252.『長い髪』

「ママ・・・お願い。これ、とって・・。」

ブラの長い髪が、着ているワンピースの背中のファスナーに挟まってしまっている。

 

「あらあら・・。今日は浴衣にするんじゃなかったの。」

「やっぱりやめたの。 暑いし、着崩れても直せないから・・。」

からんだ髪を丁寧にはずし、ファスナーを上げてやりながらブルマが、

「まさか、どこかで脱ぐつもりじゃないでしょうね。」 と、からかうと

ブラは真っ赤になって否定した。

「冗談よ。 髪、まとめた方が似合うんじゃない?」

ブルマはドレッサーの前に娘を座らせ、ブラシで髪をとかし始めた。

 

彼女が幼かった頃はどんなに忙しくても、毎朝髪を結ってやっていた。

そんな習慣もなくなった今、娘の髪にさわるのは久しぶりのことだった。

仕上げに、自分が少女の頃に集めていたリボンを出してきて、結んでやる。

今日のワンピースにぴったりの色だ。

 

「うん、かわいいわよ。 ポニーテール、久しぶりね。」

「・・髪を結ぶとね、会う人みんながママに似てる、

 そっくりとしか言わないみたいで、ちょっとイヤだった頃があったの。」

初めて聞く話だった。

「だけど、今は平気。

 いくら似ててもわたしはブラなんだし、ママに似てることはうれしいもん。
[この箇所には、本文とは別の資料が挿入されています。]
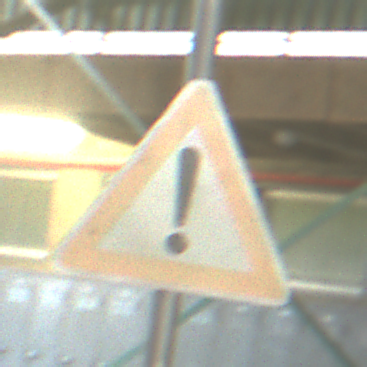
Verkehrszeichen: Gefahrenstelle
Umgebung: Roofed, Special
Tageszeit: MorningAfternoon
Wetter: NotSpecified
Licht: Artificial
Jahreszeit: NotSpecified
Kontrast: MediumContrast
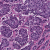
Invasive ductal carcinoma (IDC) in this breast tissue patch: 1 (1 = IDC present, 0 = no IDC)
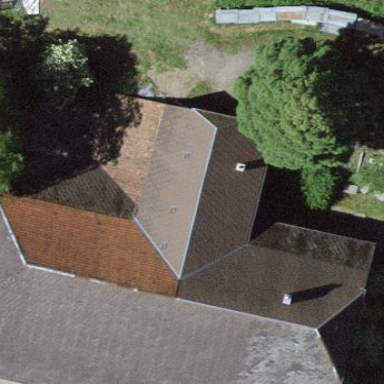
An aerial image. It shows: Farm building.
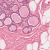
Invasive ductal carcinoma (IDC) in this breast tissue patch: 0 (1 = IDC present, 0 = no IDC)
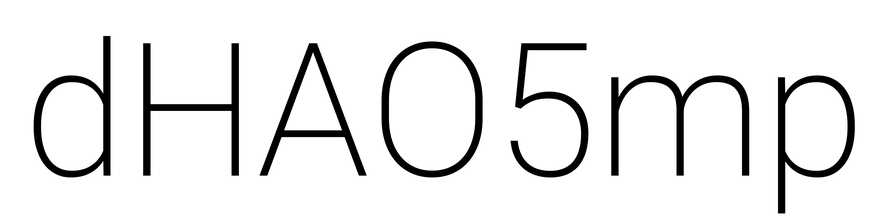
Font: Roboto_ExtraLight

」

鏡に映った自分の姿を確認しながら、ブラは照れくさそうに微笑んだ。

 

誰が見てもかつての自分に生き写しだけれど、

一瞬だけ見せる表情は 間違いなく夫からのものだと思った。

 

あんまり遅くならないようにね、 何かあったら電話するのよ。

と念を押し、笑顔の娘を送り出す。

ポニーテールを揺らし、ワンピースの裾を翻して、恋人の元へ急ぐ娘を。

 

整える以外の目的で、長い髪に触れる相手は一体どんな青年だろうか。

けれど、ブルマはそれほど心配していない。

死と再生、誕生に成長・・・

いろんなことに出会って、戦って、乗り越えてきたわたしたちの娘だもの。

 

本人に問いただせずに、すっかり不機嫌な父親の顔になった夫の隣で

ブルマはにっこり微笑んだ。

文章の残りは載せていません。